For a growing number of organizations, human modeling and simulation software has become an important tool for designing products, processes, and workplaces that are more attuned to the needs of people. The U.S Army, however, is out on point in this area, largely because its people may have the most hazardous workplaces conceivable.

"We've been exploring ways to factor the needs of people into our design process for more than 15 years," says John Lockett, director of the Human Engineering Analysis Tools (HEAT) project at the U.S. Army Research Laboratory's Human Research and Engineering Directorate, Aberdeen, MD. "We used to use 3-D acetate templates of human figures in various poses. The best we could do was to produce a paper blueprint to the same scale as the template poses."

Not necessarily the best way to determine if a crewperson can reach a tank control panel--or bail out through an escape hatch. In response, the lab acquired a human-factors modeling package developed at the University of Pennsylvania and marketed by Transom Technologies Inc. The software, Transom Jack, accurately depicts the dimensions and range of motions of human beings of all shapes and sizes. Like a virtual G.I. Joe, Transom Jack can be placed in all manner of poses and situations. HEAT places Jack representations of soldiers into solid CAD models of armored fighting vehicles.
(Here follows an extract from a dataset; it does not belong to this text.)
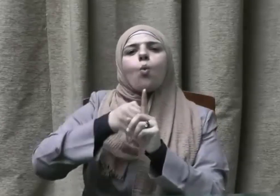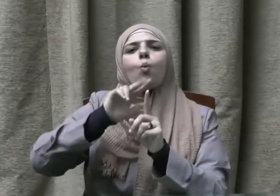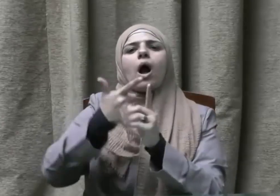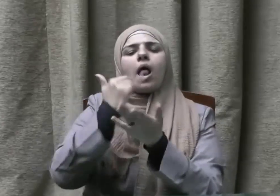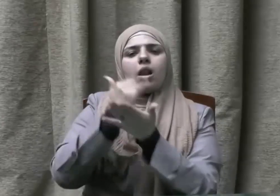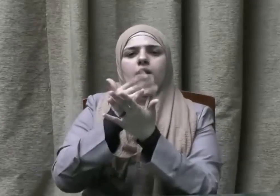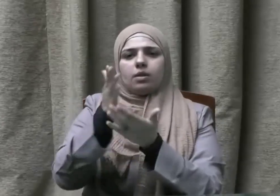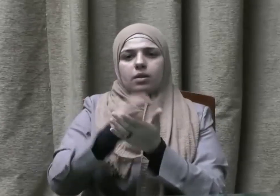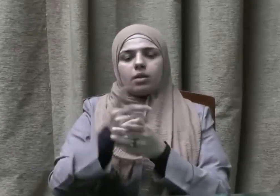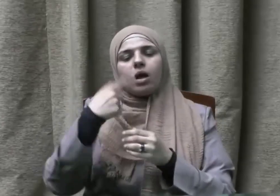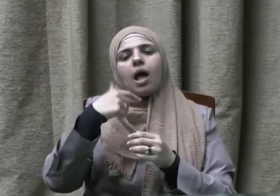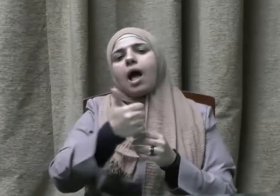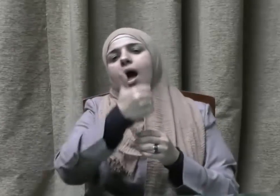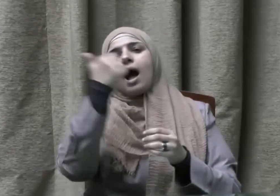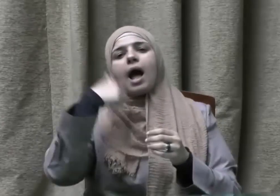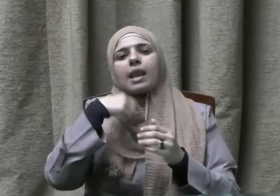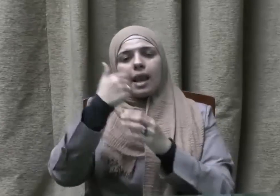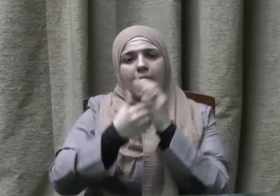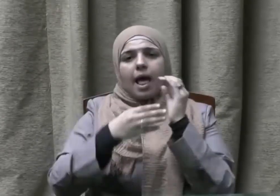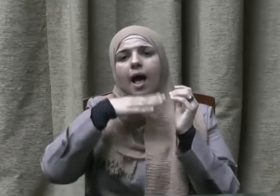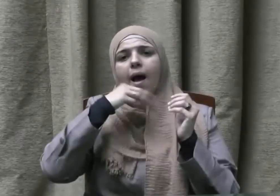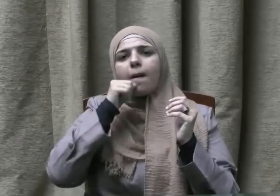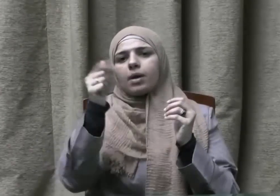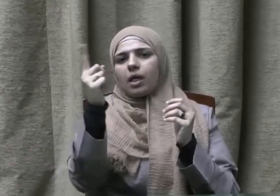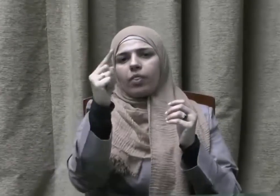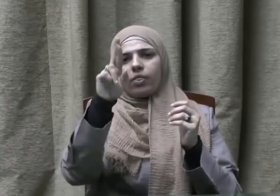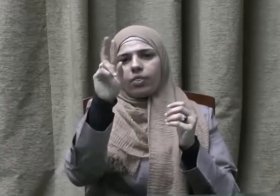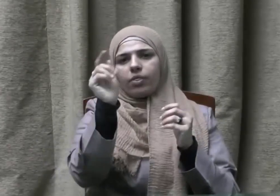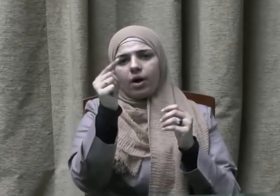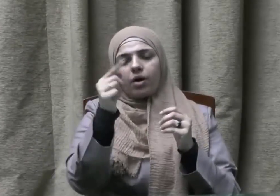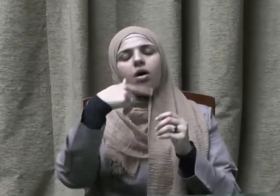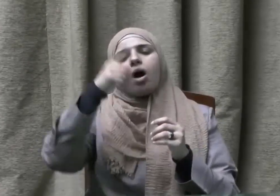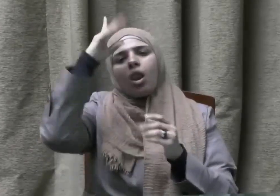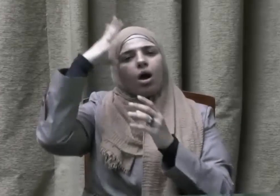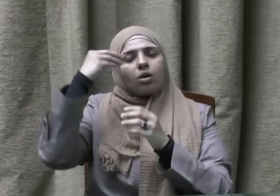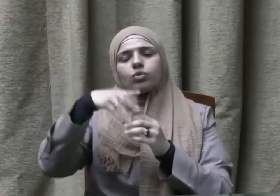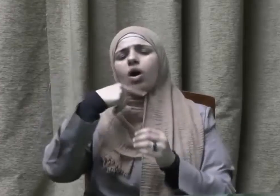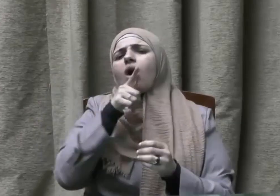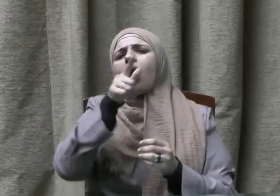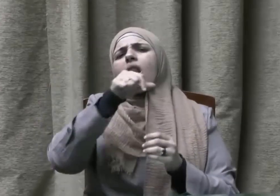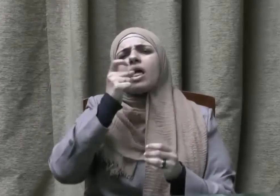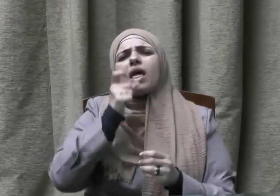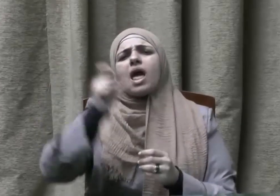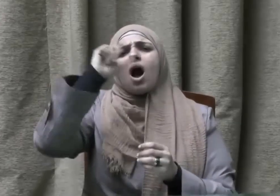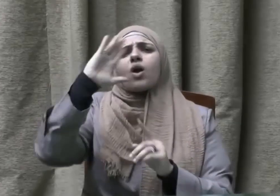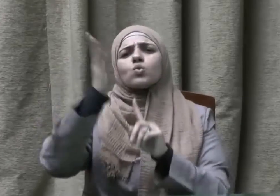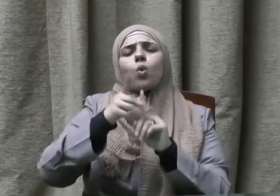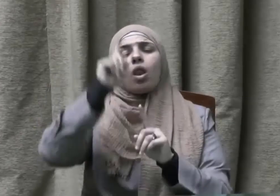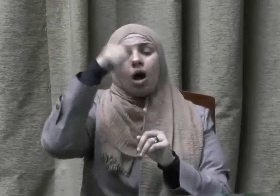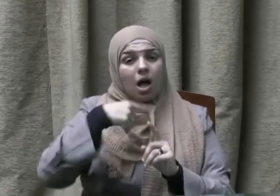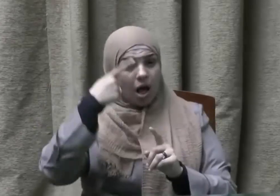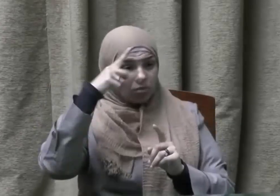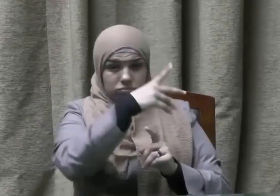إليها وعن أبي ذر رضي الله تعالى عنه قال قلت يا رسول الله ألا تستعملني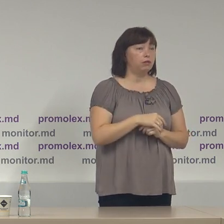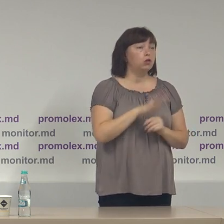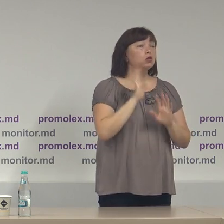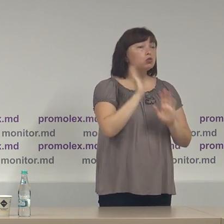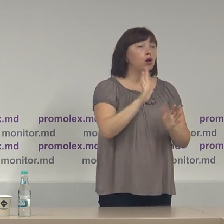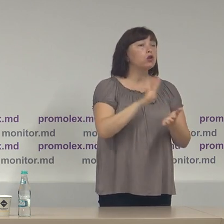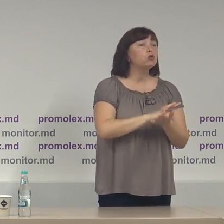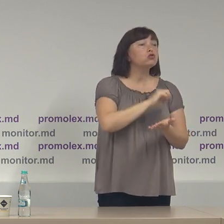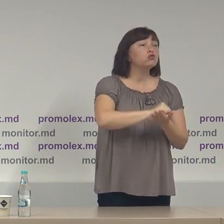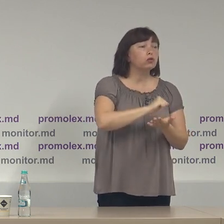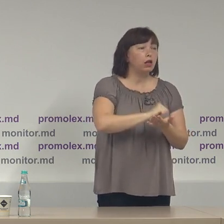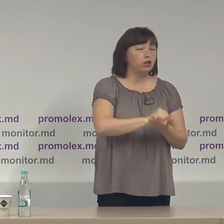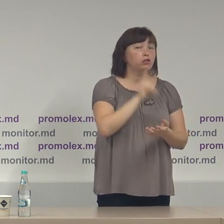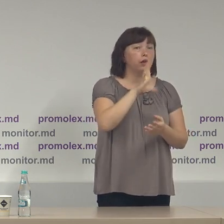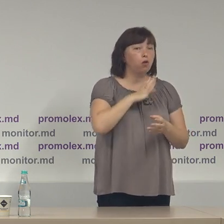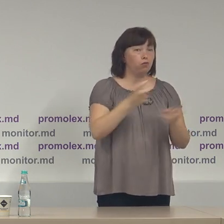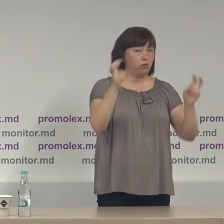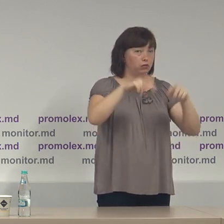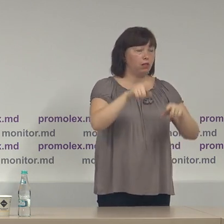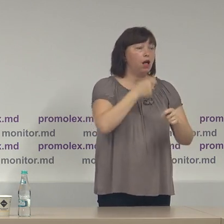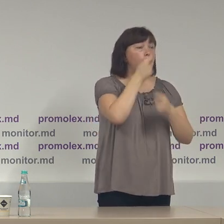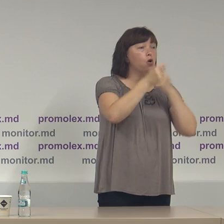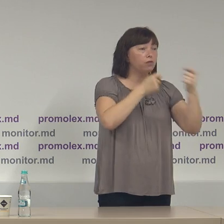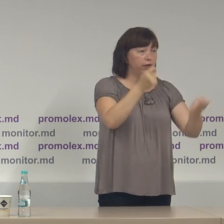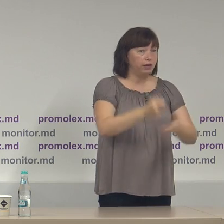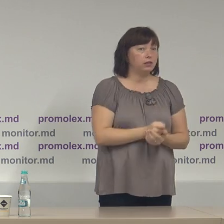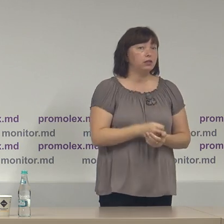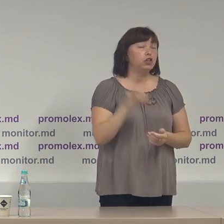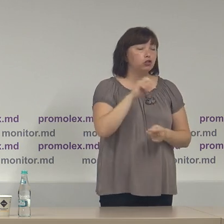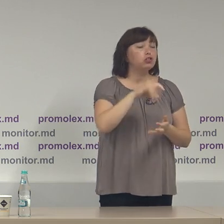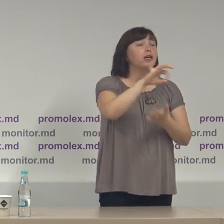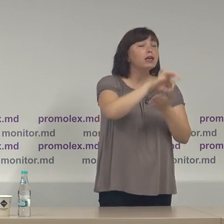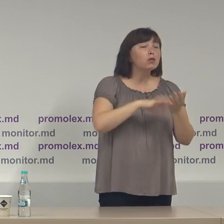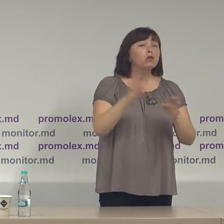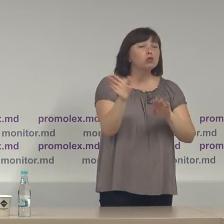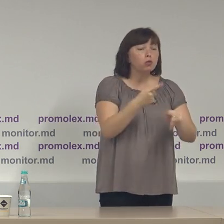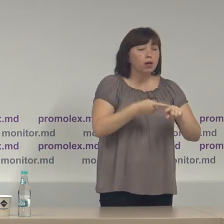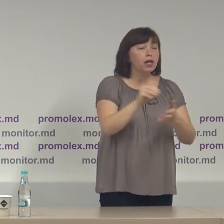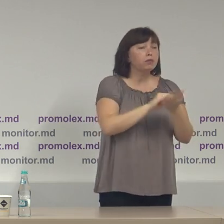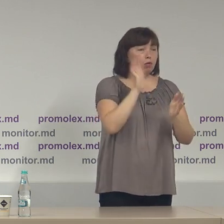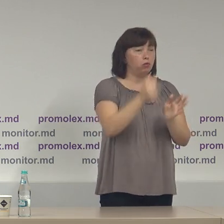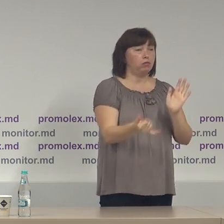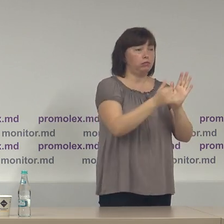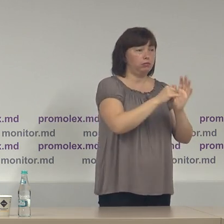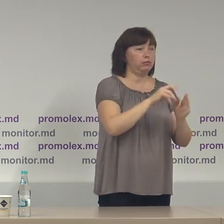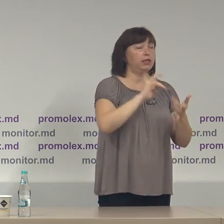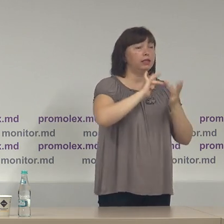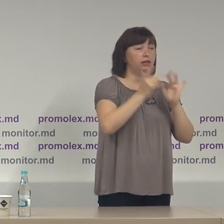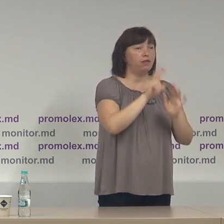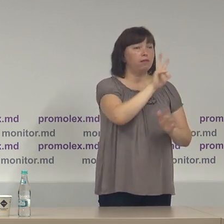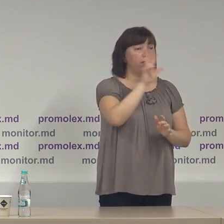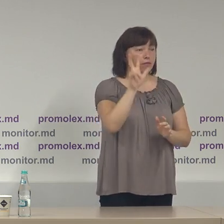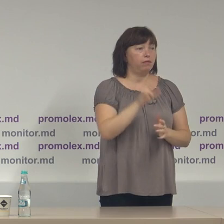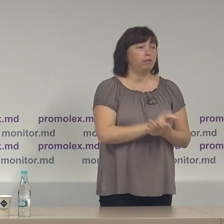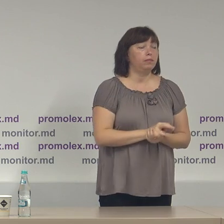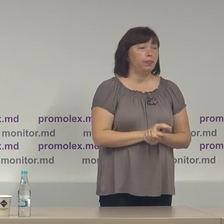jurnaliștilor care au venit la această conferință de presă și imediat ce va fi redactată va fi plăsată și pe pagina a web

The lab currently has five seats of Jack running on various SGI workstations. Lockett's team works with several contractors, including General Dynamics and FMC, trying to insert human factors concerns into the development of army equipment and vehicles. "It's absolutely critical that we're working with models that reflect the physical characteristics of our soldiers," Lockett explains. "Jack allows us to define figures with detailed anthropotetric data."